【5月6日 AFP】リビア情勢をめぐる対応を協議する欧米やアラブ諸国の「連絡調整グループ(International Contact Group)」は5日、イタリア・ローマ(Rome)で外相級会合を開き、リビア反体制派を支援する基金を設立することで合意した。

 これに対しリビア政府は、欧米が凍結したリビア最高指導者ムアマル・カダフィ(Moamer Kadhafi)大佐の資産を基金に利用するとの計画について、「海賊行為」だと強く非難している。
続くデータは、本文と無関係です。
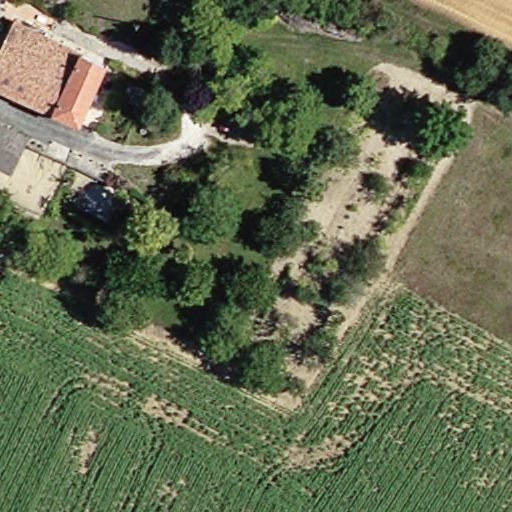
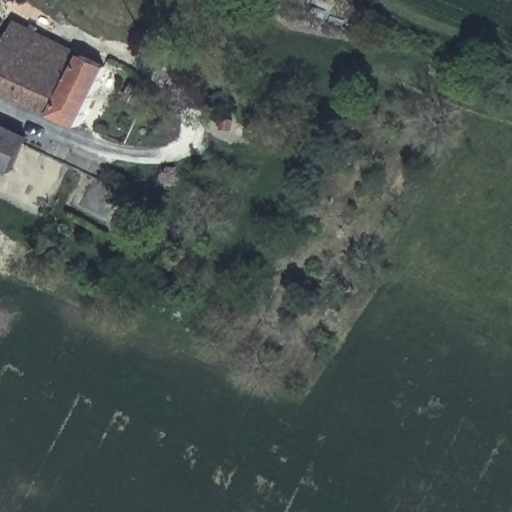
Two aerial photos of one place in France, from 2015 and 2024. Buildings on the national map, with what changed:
unchanged [(9,61),(29,21),(67,41),(36,102),(0,84),(0,57),(9,61)]
unchanged [(95,56),(64,116),(36,102),(67,41),(95,56)]
unchanged [(87,128),(64,116),(95,56),(119,67),(87,128)]
unchanged [(5,165),(0,163),(0,120),(23,131),(19,140),(5,165)]

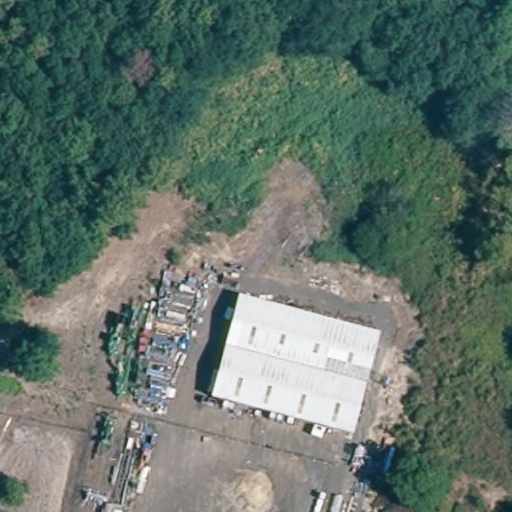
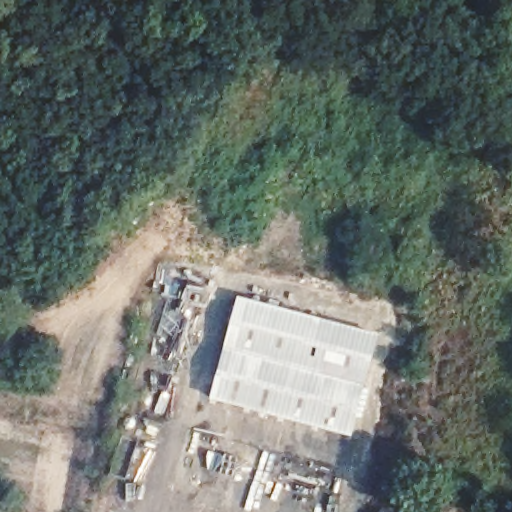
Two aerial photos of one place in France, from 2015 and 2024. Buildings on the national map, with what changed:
unchanged [(303,318),(356,331),(377,337),(361,397),(352,434),(215,398),(239,308),(240,301),(303,318)]

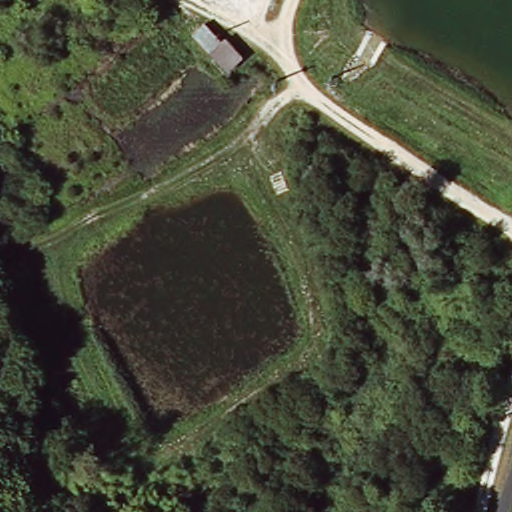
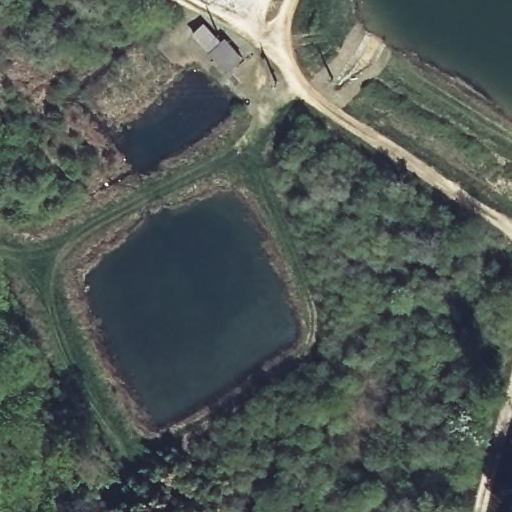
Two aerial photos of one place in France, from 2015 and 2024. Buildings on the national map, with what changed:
unchanged [(197,36),(211,23),(249,58),(234,72),(197,36)]

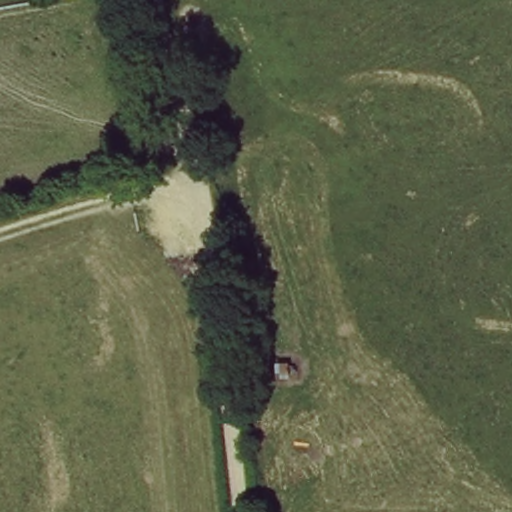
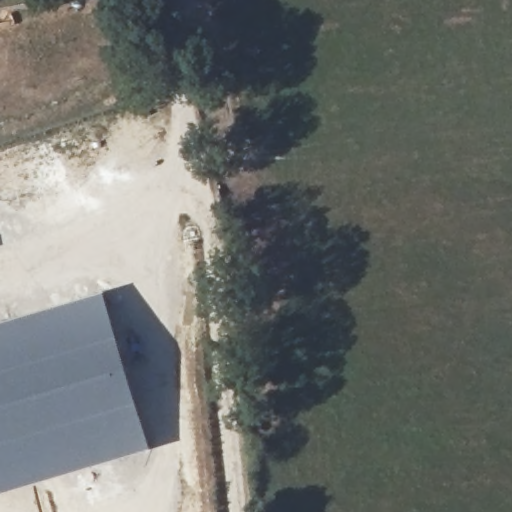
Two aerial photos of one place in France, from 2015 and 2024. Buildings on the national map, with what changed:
new [(103,292),(126,364),(150,448),(0,492),(0,322),(103,292)]
unchanged [(244,369),(269,366),(275,422),(251,425),(244,369)]

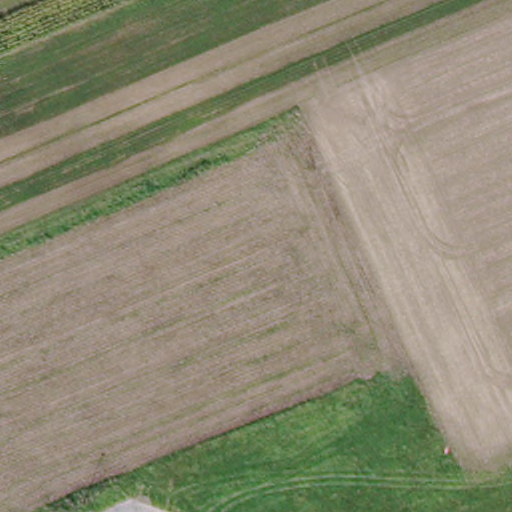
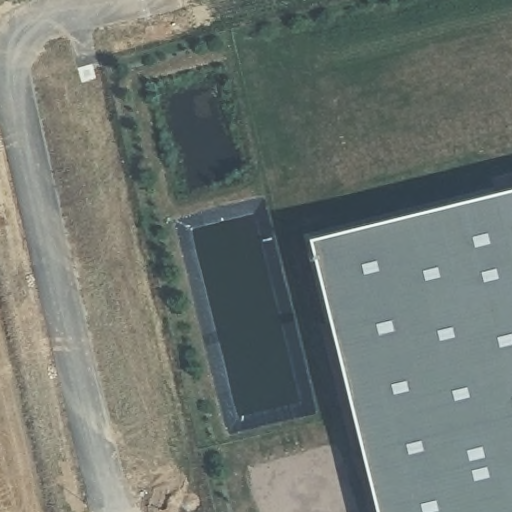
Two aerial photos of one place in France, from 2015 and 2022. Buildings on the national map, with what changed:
new [(512,187),(512,512),(378,512),(310,236),(512,187)]

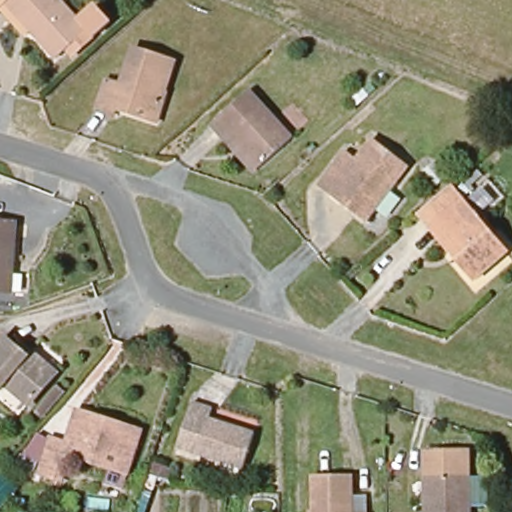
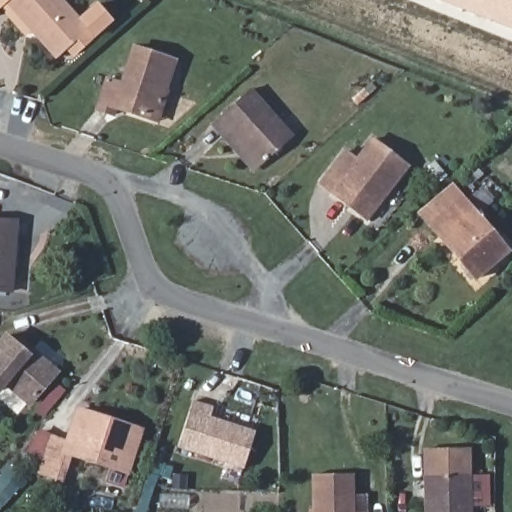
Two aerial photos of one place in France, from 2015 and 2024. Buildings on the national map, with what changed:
unchanged [(0,9),(0,0),(59,0),(72,15),(89,1),(103,18),(64,49),(58,42),(47,51),(28,28),(21,34),(0,9)]
new [(512,29),(438,0),(512,0),(512,29)]
unchanged [(123,80),(135,45),(172,57),(162,87),(158,86),(149,117),(113,106),(112,112),(95,107),(106,75),(123,80)]
unchanged [(251,89),(293,135),(263,163),(232,128),(227,133),(216,122),(251,89)]
unchanged [(346,150),(355,156),(370,136),(407,163),(366,217),(319,184),(346,150)]
unchanged [(432,216),(458,193),(504,244),(471,273),(455,254),(426,222),(432,216)]
unchanged [(17,220),(12,290),(0,289),(0,219),(15,220),(17,220)]
unchanged [(3,340),(23,356),(29,349),(55,372),(27,402),(1,382),(0,384),(0,343),(3,340)]
unchanged [(216,409),(213,416),(258,431),(246,466),(179,444),(194,401),(216,409)]
unchanged [(72,456),(63,482),(39,473),(51,438),(67,443),(78,409),(102,417),(140,430),(138,438),(125,474),(72,456)]
unchanged [(469,512),(427,512),(427,446),(469,446),(469,512)]
unchanged [(316,505),(315,470),(352,470),(352,511),(366,510),(366,512),(309,512),(309,505),(316,505)]

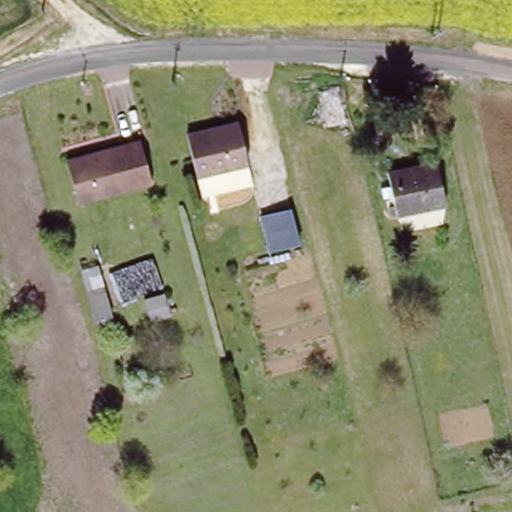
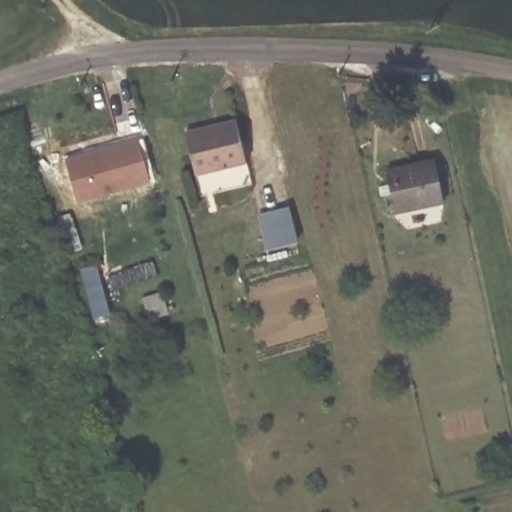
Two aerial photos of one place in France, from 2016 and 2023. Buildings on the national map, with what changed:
unchanged [(205,188),(199,167),(187,125),(193,123),(237,112),(248,154),(253,176),(210,187),(205,188)]
unchanged [(147,140),(155,180),(81,196),(72,155),(147,140)]
unchanged [(436,161),(447,202),(397,215),(387,172),(436,161)]
unchanged [(291,211),(300,245),(272,252),(262,217),(291,211)]

 リビアではカダフィ大佐の政府軍と反体制派の戦闘が続いているが、同国からの原油輸出が事実上停止していることから、反体制勢力で作る「国民評議会」の資金源は尽きている状況だ。

 このため基金では、反体制派への初期支援として国際的に資金援助を募るほか、将来的には推定600億ドル(約4兆8000億円)に上るカダフィ氏の凍結資産を活用する計画だ。すでに産油国クウェートとカタールは、巨額資金の拠出を言明している。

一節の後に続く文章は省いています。